### PROBLEM TO SOLVE
The expected answer holds every line from the first line of the data below through the line containing "In plain terms, the", exactly as written, and no other line.

DATA TO USE below:

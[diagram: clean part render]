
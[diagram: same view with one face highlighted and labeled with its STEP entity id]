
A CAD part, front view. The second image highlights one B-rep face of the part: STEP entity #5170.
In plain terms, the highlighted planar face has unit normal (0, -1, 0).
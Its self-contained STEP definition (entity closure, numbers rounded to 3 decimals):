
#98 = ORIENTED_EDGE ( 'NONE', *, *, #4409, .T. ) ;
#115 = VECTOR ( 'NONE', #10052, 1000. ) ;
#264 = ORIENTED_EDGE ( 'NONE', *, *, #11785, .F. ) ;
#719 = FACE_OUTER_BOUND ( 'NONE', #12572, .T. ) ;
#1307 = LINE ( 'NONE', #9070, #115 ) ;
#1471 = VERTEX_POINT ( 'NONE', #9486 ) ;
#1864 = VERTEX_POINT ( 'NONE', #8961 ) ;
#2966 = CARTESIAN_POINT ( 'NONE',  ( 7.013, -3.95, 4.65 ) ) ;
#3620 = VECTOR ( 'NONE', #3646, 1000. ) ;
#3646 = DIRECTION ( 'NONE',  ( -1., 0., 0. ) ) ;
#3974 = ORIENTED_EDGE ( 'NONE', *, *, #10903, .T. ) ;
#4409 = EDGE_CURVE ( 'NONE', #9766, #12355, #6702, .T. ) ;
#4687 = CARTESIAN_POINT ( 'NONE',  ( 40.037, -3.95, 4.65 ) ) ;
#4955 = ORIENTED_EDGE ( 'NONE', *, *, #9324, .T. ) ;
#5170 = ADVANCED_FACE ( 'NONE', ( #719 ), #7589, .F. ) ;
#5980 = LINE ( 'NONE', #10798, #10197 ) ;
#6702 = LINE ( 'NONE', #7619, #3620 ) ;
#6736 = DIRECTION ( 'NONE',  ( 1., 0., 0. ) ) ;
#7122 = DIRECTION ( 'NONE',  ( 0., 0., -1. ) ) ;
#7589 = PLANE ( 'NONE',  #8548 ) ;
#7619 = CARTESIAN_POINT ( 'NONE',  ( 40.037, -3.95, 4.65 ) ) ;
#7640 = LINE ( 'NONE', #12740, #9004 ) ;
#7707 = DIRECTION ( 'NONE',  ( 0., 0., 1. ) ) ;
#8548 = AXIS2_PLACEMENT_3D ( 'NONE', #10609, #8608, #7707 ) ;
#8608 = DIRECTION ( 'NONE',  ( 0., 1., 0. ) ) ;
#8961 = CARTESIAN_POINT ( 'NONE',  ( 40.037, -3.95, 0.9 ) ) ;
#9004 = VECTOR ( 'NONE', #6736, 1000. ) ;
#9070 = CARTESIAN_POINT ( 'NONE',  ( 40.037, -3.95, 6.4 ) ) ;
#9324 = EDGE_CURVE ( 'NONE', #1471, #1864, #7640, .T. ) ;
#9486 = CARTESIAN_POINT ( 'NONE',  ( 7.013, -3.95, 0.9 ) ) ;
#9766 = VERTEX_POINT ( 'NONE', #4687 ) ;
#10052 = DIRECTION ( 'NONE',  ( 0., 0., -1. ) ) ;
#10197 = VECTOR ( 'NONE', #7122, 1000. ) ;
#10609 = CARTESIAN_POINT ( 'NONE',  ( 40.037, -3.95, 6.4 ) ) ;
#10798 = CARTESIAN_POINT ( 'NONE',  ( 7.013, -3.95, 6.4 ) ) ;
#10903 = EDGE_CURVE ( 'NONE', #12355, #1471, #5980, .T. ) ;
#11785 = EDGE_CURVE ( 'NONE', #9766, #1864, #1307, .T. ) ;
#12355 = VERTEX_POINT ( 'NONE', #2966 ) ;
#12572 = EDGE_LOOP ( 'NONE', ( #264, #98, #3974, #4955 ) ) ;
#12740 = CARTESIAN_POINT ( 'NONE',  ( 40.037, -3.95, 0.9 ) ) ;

End of DATA TO USE.

### FINISHED EXERCISE
[diagram: clean part render]
[diagram: same view with one face highlighted and labeled with its STEP entity id]
A CAD part, front view. The second image highlights one B-rep face of the part: STEP entity #5170.
In plain terms, the highlighted planar face has unit normal (0, -1, 0).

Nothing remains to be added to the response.